WHAT YOU HAVE TO DO:
Below is a listing; transcribe it exactly but without any images.
┌──
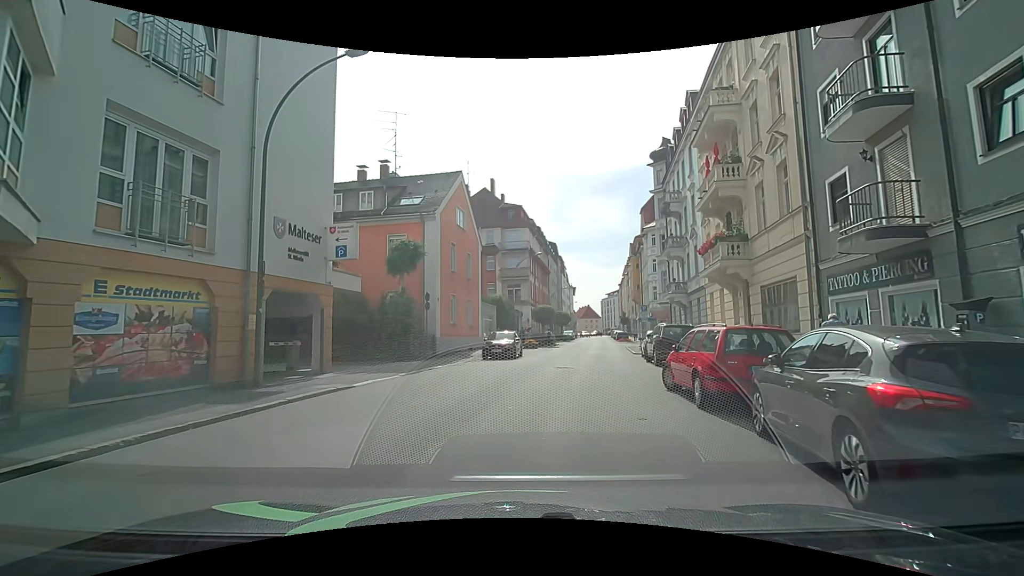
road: tertiary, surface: asphalt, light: Day
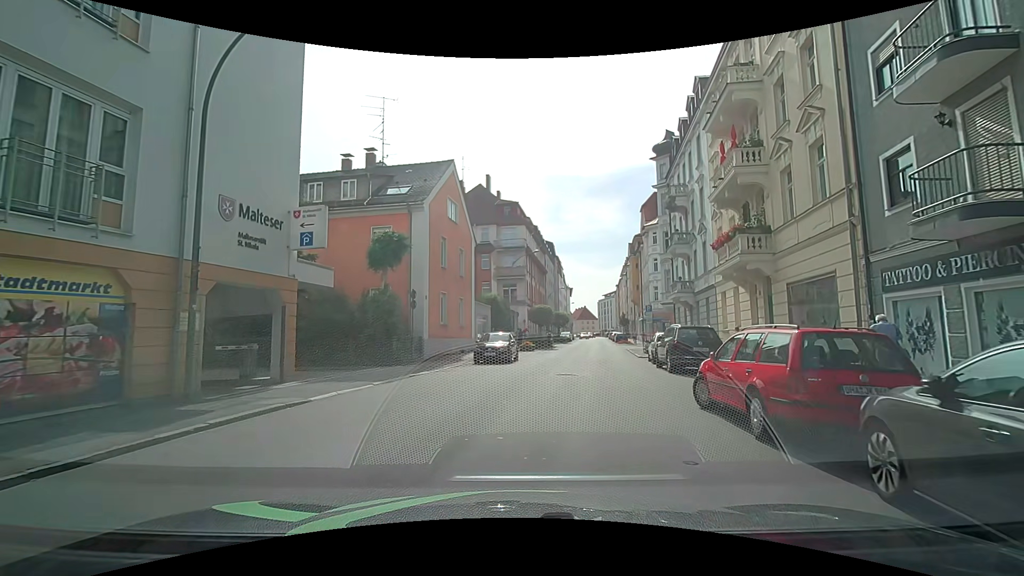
(0.0, +2.4) m; +2°
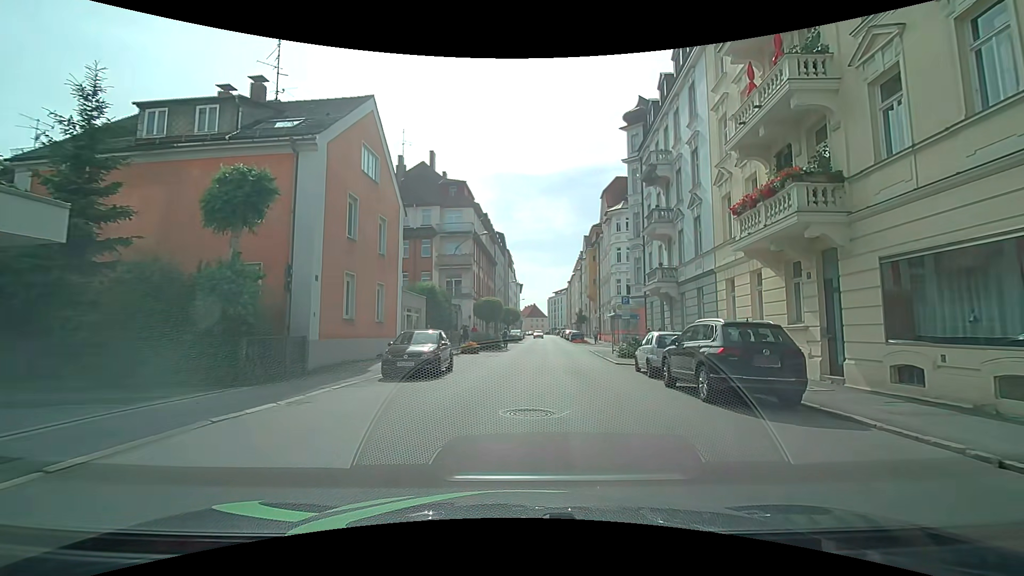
(-0.1, +7.8) m; +4°
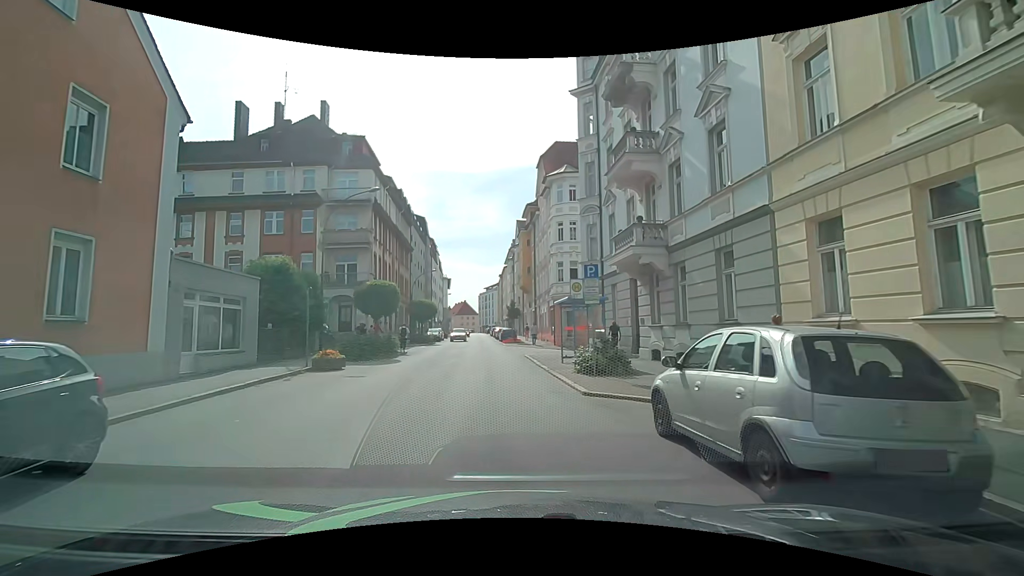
(+0.9, +11.9) m; +5°
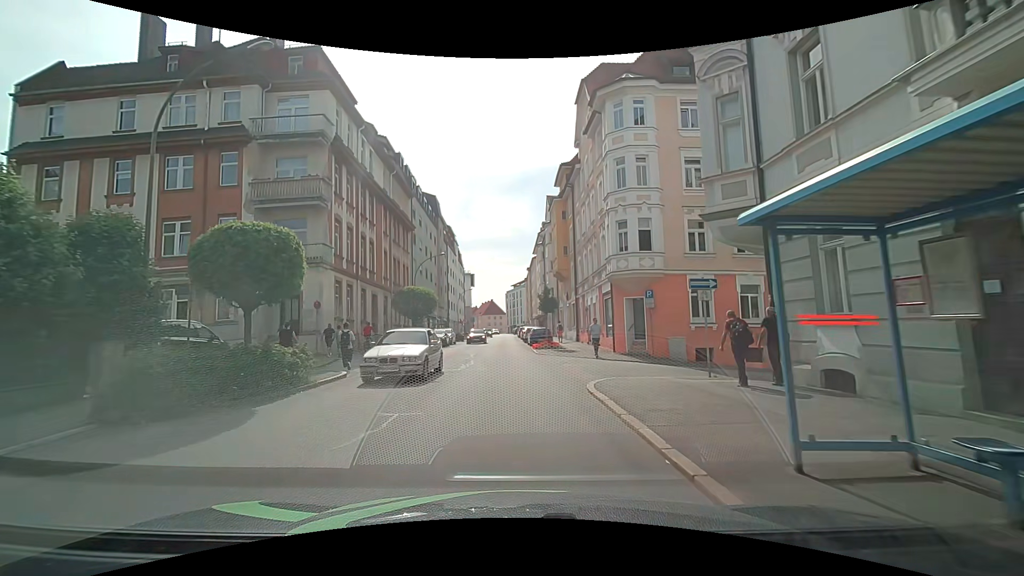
(-0.1, +15.0) m; -2°
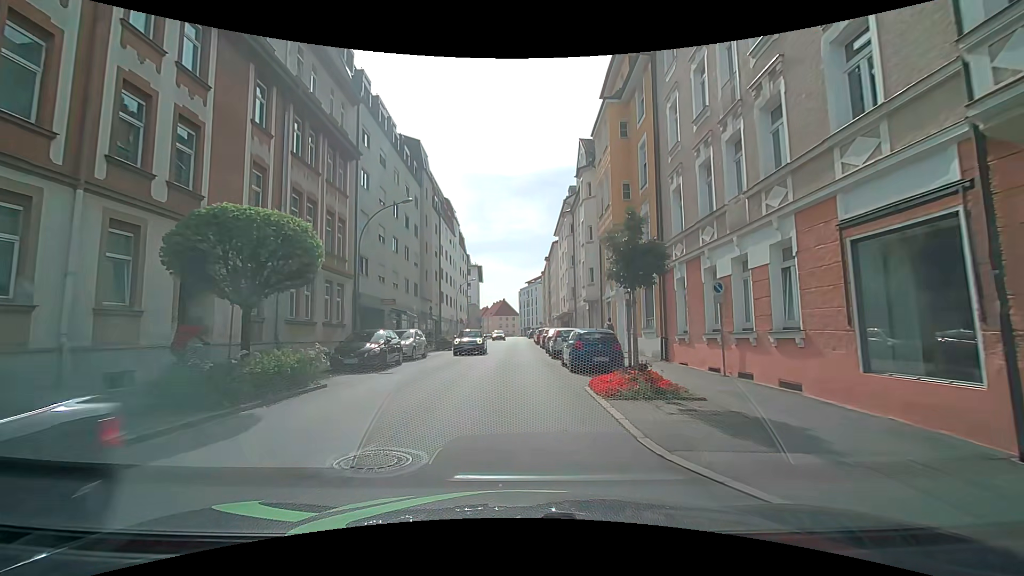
(-0.3, +21.1) m; -1°
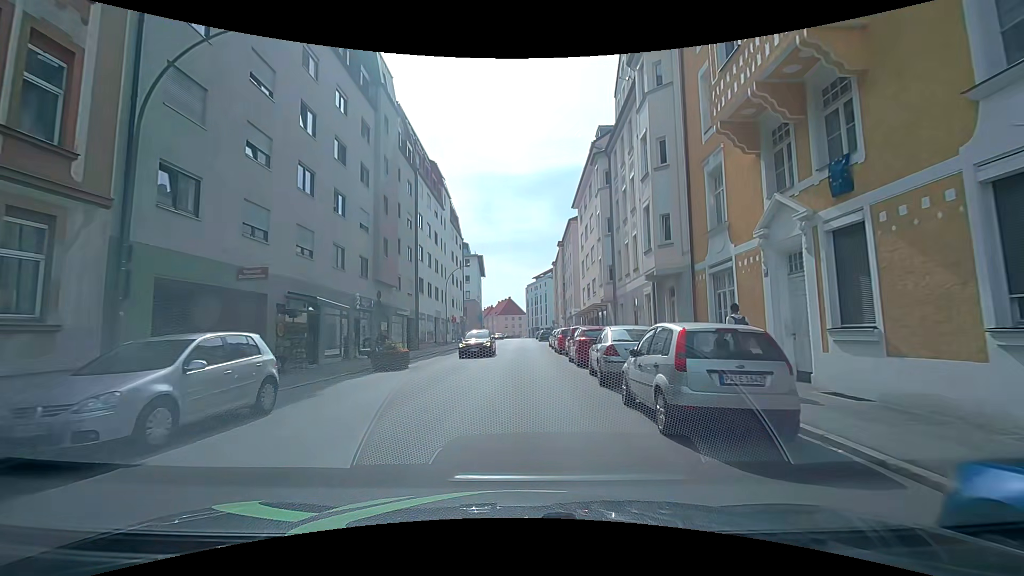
(-0.3, +17.1) m; -1°
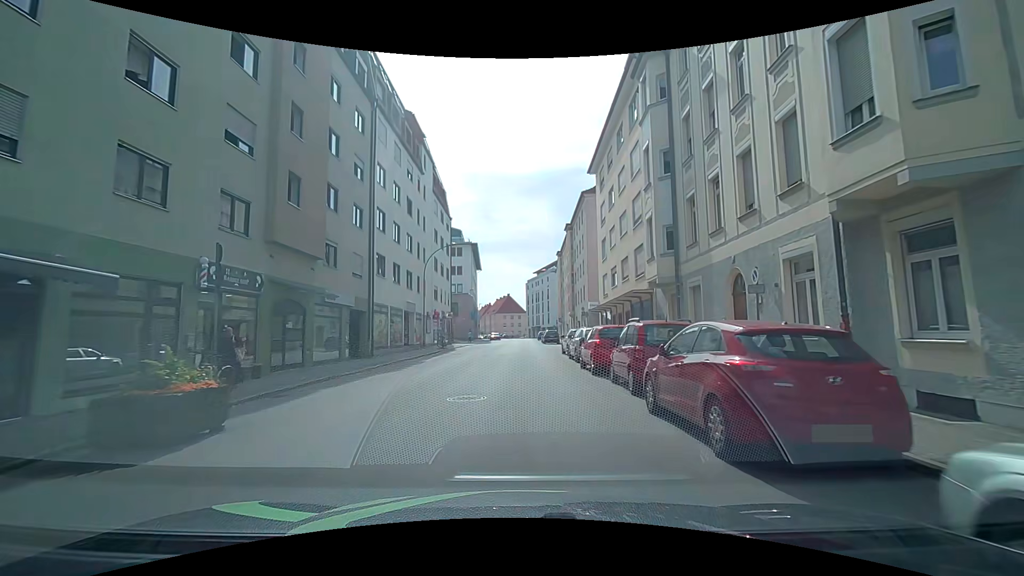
(0.0, +12.9) m; -1°
(0, +10) (0, +20) (+1, +30) (+1, +40) (+1, +50) (+2, +60) (+2, +70) (+2, +80) (+3, +90) (+3, +100) m
└──
RESPONSE TO THIS EXERCISE:
road: tertiary, surface: asphalt, light: Day
(0.0, +2.4) m; +2°
(-0.1, +7.8) m; +4°
(+0.9, +11.9) m; +5°
(-0.1, +15.0) m; -2°
(-0.3, +21.1) m; -1°
(-0.3, +17.1) m; -1°
(0.0, +12.9) m; -1°
(0, +10) (0, +20) (+1, +30) (+1, +40) (+1, +50) (+2, +60) (+2, +70) (+2, +80) (+3, +90) (+3, +100) m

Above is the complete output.